I am working on a part of the drosophila genome project trying to assemble repetive
DNA sequences. I have been using the Phred, Phrap, and Consed to work with my
projects. My project is a BAC, split into 10kb and 3kb clones.
I was planning on starting at the base of the arms where the celera data left off,
and progressing towards to centromere. Unfortunately dealing with repeats that are
highly identical has proved extremely challenging if the repeat size is greater than the clone size.
I was thinking of using a divide and defeat strategy to get around the problem by
creating fake projects composed of clones where i know or suspect strongly
most of them overlap. Clones that i don't know where they go can also be
assembled independently from the main project. Then i can use these consensus
sequences as guides for reassembling the original BAC. Unfortunately this
requires that the coverage for the clone is complete enough to make a single
contig, or at least identify the gaps required to complete it.

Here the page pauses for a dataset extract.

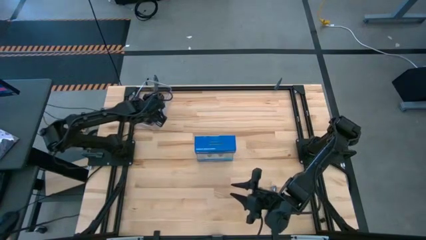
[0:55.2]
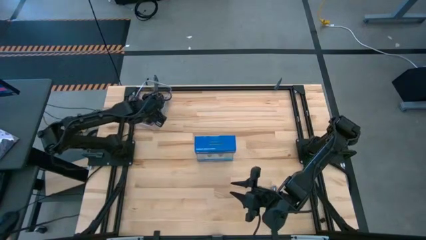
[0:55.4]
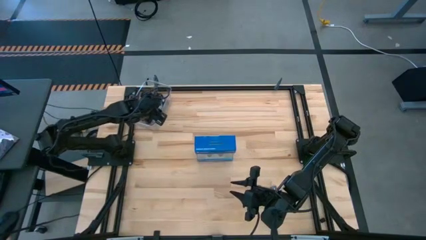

Anyone have any ideas on how to approach such a project ?
Am I approaching this completely wrong ?
How should I be approaching this ?
Can anyone recommend different assemblers and tools that they have found
useful ? Are there any new assemblers that need bata testers ?
-- I would prefer software with source available, as i prefer working on
a macintosh iBook, running debian linux 2.2.18, and binary distributions often
aren't available. I also have access to a Sun ultra 10, and SGI Octane.
Can anybody point me towards resources i may find useful ?
Should I just give up on this project until the resources available can handle these
sort of project ?
I have exhausted all of my ideas, and have nobody with which to discuss the
project, and recieve peer review. Any help at all would be appreciated.